Among the entries below, find the lines holding "Dhivehi" and copy them.

[[ AVAILABLE RECORDS open ]]

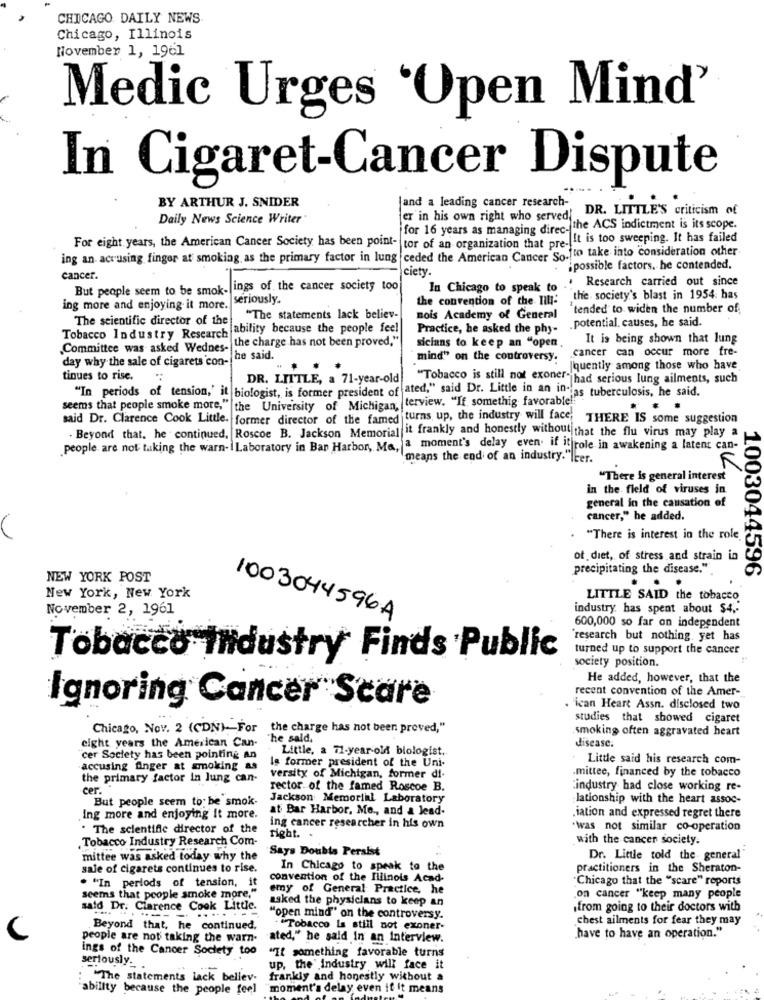
CHICAGO DAILY NEWS
Chicago, Illinois
November 1, 1961
Medic Urges 'Open Mind'
In Cigaret-Cancer Dispute
BY ARTHUR J. SNIDER
Jand a leading cancer research-
er in his own right who served, DR. LITTLE'S criticism of
Daily News Science Writer"
for 16 years as managing direc- the ACS indictment is its scope.
For eight years, the American Cancer Society has been point-to
tor of an organization that pre- It is too sweeping. It has failed
ing an accusing finger at smoking as the primary factor in lung ceded the American Cancer So !to take into consideration other
ciety.
ipossible factors. he contended,
cancer
. Research carried out since
But people seem to be smok- ings of the cancer society too
In Chicago to speak to
seriously.
the convention of the Illi:
the society's blast in 1954: has
ing more and enjoying it more.
"tended to widen the number of,
The scientific director of the
"The statements lack believ-
mois Academy of General
.potential. causes, he said.
Tobacco Industry Research ability because the people feel
Practice, he asked the phy-
the charge has not been proved,"
It is being shown that lung
Committee was asked Wednes-
sicians to keep an "open.
cancer can occur more fre-
day why the sale of cigarets con-
he said.
mind" on the controversy.
quently among those who have
tinues to rise.
DR. LITTLE, a 71-year-old
"Tobacco is still not exoner" had serious lung ailments, such
"In periods of tension,' it biologist, is former president of ated," said Dr. Little in an in ias tuberculosis, he said.
seems that people smoke more," the University of Michigan, terview. "If somethig favorable !! "
said Dr. Clarence Cook Little. former director of the famed turns up, the industry will face. THERE IS some suggestion
. Beyond that. he continued, Roscoe B. Jackson Memorial it frankly and honestly without that the flu virus may play a
.people are not taking the warn- I Laboratory in Bar Harbor, Ma, a moment's delay even. if it role in awakening a latent can-
means the end of an industry."leer.
"There is general interest
in the field of viruses in
general in the causation of
cancer," he added.
"There is interest in the role
ot diet, of stress and strain in
precipitating the disease."
1003044596
NEW YORK POST
New York, New York
LITTLE SAID the tobacco
November 2, 1961
industry, has spent about $4 ,.
1003044596A
600,000 so far on independent
'research but nothing yet has
turned up to support the cancer
Tobacco Industry Finds Public
society position.
He added, however, that the
recent convention of the Amer-
Ignoring Cancer Scare
'ican Heart Assn. disclosed two
studies that showed cigaret
Chicago, Nov. 2 (CDN)- For the charge has not been proved,"
smoking often aggravated heart
"he said,
disease.
eight years the American Can-
Little, a 71-year-old biologist.
"cer Society has been pointing an
Is former president of the Uni-
Little said his research com-
accusing finger at smoking as
.mittee, financed by the tobacco
the primary factor in lung can-
versity of Michigan, former di.
cer.
rector. of the famed Roscoe B.
industry had close working re-
But people seem to be smok-
Jackson Memorial Laboratory
lationship with the heart assoc-
at Bar Harbor, Mo ., and a lead-
Ing more and enjoying it more.
.iation and expressed regret there
. The scientific director of the
ing cancer researcher in his own
.was not similar co-operation
,Tobacco Industry Research Com-
right. .
with the cancer society.
"Says Doubts Persist
mittee was asked today why the
Dr. Little told the general
sale of cigarets continues to rise.
In Chicago to speak to the
practitioners in the Sheraton-
convention of the Illinois Acad-
"Chicago that the "scare" reports
. "In periods of tension, it
emy of General Practice, he
seems that people smoke more."
asked the physicians to keep an
.on cancer "keep many people
said Dr. Clarence Cook Little.
from going to their doctors with
.......-
"open mind" on the controversy.
chest ailments for fear they may
Beyond that, he continued.
. "Tobacco Is still not exoner-
people are not taking the warn-
ated," he said In an Interview.
have to have an operation."
ings of the Cancer Society too
"If something favorable turns
seriously-
up, the' industry will face it
"The statements lack believ-
frankly and honestly without a
ability because the people feel
moment's delay even if it means
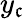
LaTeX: y_{\mathfrak{c}}
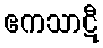
ဧကသာဋီ
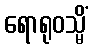
ရောရုဝသ္မိံ
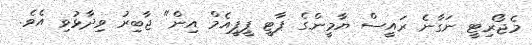
މެޖޯރިޓީ ނަގާނެ ރައީސް ޔާމީންގެ ޕާޓީ ޕީޕީއެމް އިން" ޖާބިރު ވިދާޅުވި އެވެ.
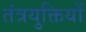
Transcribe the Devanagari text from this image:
तंत्रयुक्तियों
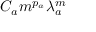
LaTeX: C _ { a } m ^ { p _ { a } } \lambda _ { a } ^ { m }
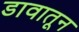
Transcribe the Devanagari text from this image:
डावातून
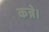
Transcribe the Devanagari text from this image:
कन्ने।
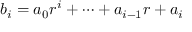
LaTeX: b _ { i } = a _ { 0 } r ^ { i } + \cdots + a _ { i - 1 } r + a _ { i }
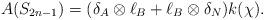
LaTeX: \begin{align*}A(S_{2n-1})=(\delta_A\otimes \ell_B+\ell_B\otimes \delta_N) k(\chi).\end{align*}
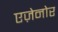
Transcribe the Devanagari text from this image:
एज़ेनोर
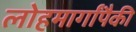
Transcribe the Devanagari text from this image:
लोहमार्गांपैकी
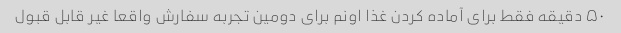
۵۰ دقیقه فقط برای آماده کردن غذا اونم برای دومین تجربه سفارش واقعا غیر قابل قبول
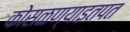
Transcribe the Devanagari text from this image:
कोसळण्याइतपत
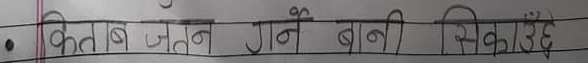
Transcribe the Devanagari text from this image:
किताब जतन गर्ने बानी सिकाउँदै
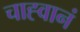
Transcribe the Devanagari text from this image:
चाह्वानं
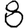
Digit: 8
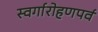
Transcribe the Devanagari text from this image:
स्वर्गारोहणपर्व
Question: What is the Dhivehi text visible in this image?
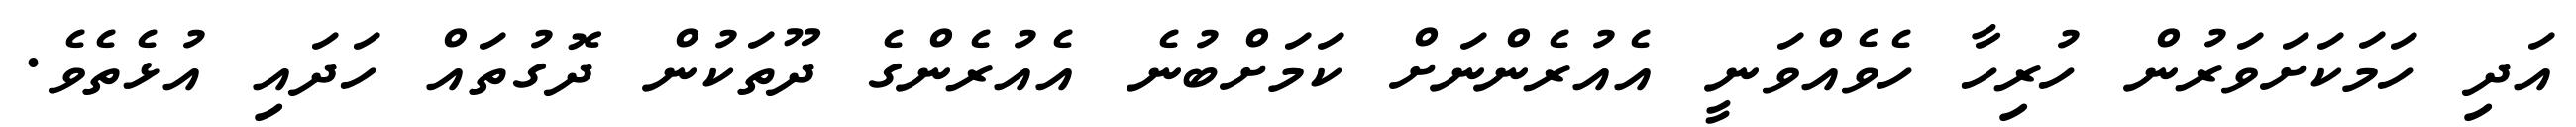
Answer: އަދި ހަމަކަށަވަރުން ހުރިހާ ހެވެއްވަނީ އެއުރެންނަށް ކަމަށްބުނެ އެއުރެންގެ ދޫތަކުން ދޮގުތައް ހަދައި އުޅެތެވެ.
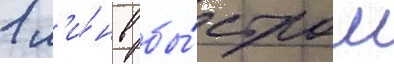
1 м'и́н в бы́стром
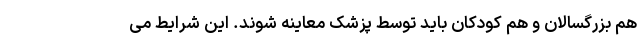
هم بزرگسالان و هم کودکان باید توسط پزشک معاینه شوند. این شرایط می
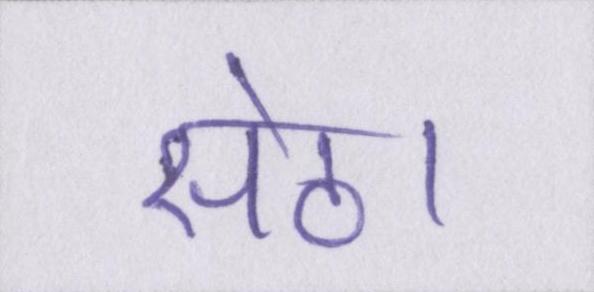
सेठ।
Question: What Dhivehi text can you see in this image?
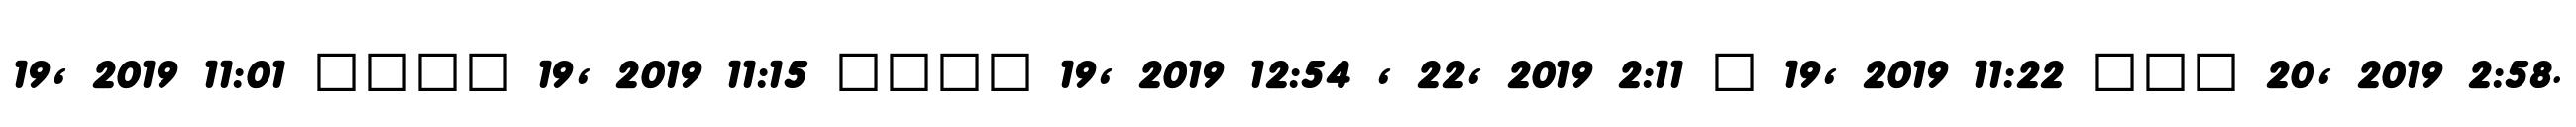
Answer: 19, 2019 11:01 ???? 19, 2019 11:15 ???? 19, 2019 12:54 , 22, 2019 2:11 ? 19, 2019 11:22 ??? 20, 2019 2:58.
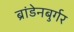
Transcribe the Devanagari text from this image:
ब्रांडेनबुर्गर
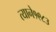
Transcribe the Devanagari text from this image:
त्याने१९८३
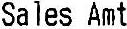
SALES AMT
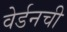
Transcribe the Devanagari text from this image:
वेर्डनची
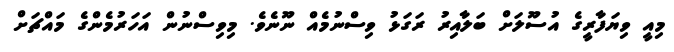
މިއީ ވިޔަފާރީގެ އުސޫލަށް ބަލާއިރު ރަގަޅު ވިސްނުމެއް ނޫނެވެ. މިވިސްނުން އަހަރުމެންގެ މައްޗަށް
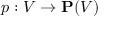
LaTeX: p : V \to \mathbf { P } ( V )
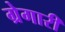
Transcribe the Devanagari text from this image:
ग्रेगारी
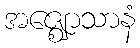
အဇ္ဈောသာနံ
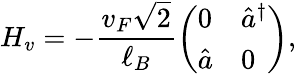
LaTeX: H_{v}=-\frac{v_{F}\sqrt{2}}{\ell_{B}}\left(\begin{array}{ll}{0}&{\hat{a}^{\dagger}}\\ {\hat{a}}&{0}\end{array}\right),
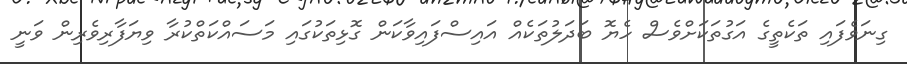
ގިނަވެފައި ތަކެތީގެ އަގުތަކަށްވެސް ހެޔޮ ބަދަލުތަކެއް އައިސްފައިވާކަން ގޮޅިތަކުގައި މަސައްކަތްކުރާ ވިޔަފާރިވެރިން ވަނީ
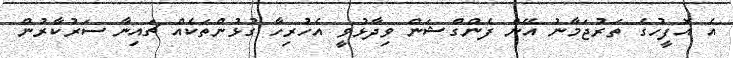
އެ އޮފީހުގެ ތަރުޖަމާނު އޭން ފެންގްޝަން ވިދާޅުވީ އެހުރިހާ ގުޅުންތަކެއް ޗައިނާ ސަރުކާރުން
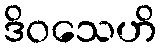
ဒိဝသေဟိ
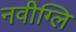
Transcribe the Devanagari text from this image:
नवीग्लि
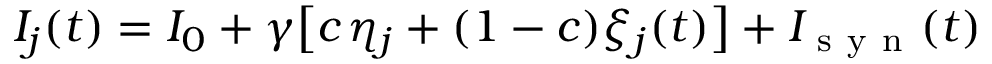
I _ { j } ( t ) = I _ { 0 } + \gamma \big [ c \; \! \eta _ { j } + ( 1 - c ) \xi _ { j } ( t ) \big ] + I _ { \mathrm { ~ s ~ y ~ n ~ } } ( t )
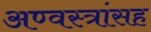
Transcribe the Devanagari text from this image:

[[ AVAILABLE RECORDS closed ]]

> _RESULT_
Question: What is the Dhivehi text visible in this image?
Question: What Dhivehi text can you see in this image?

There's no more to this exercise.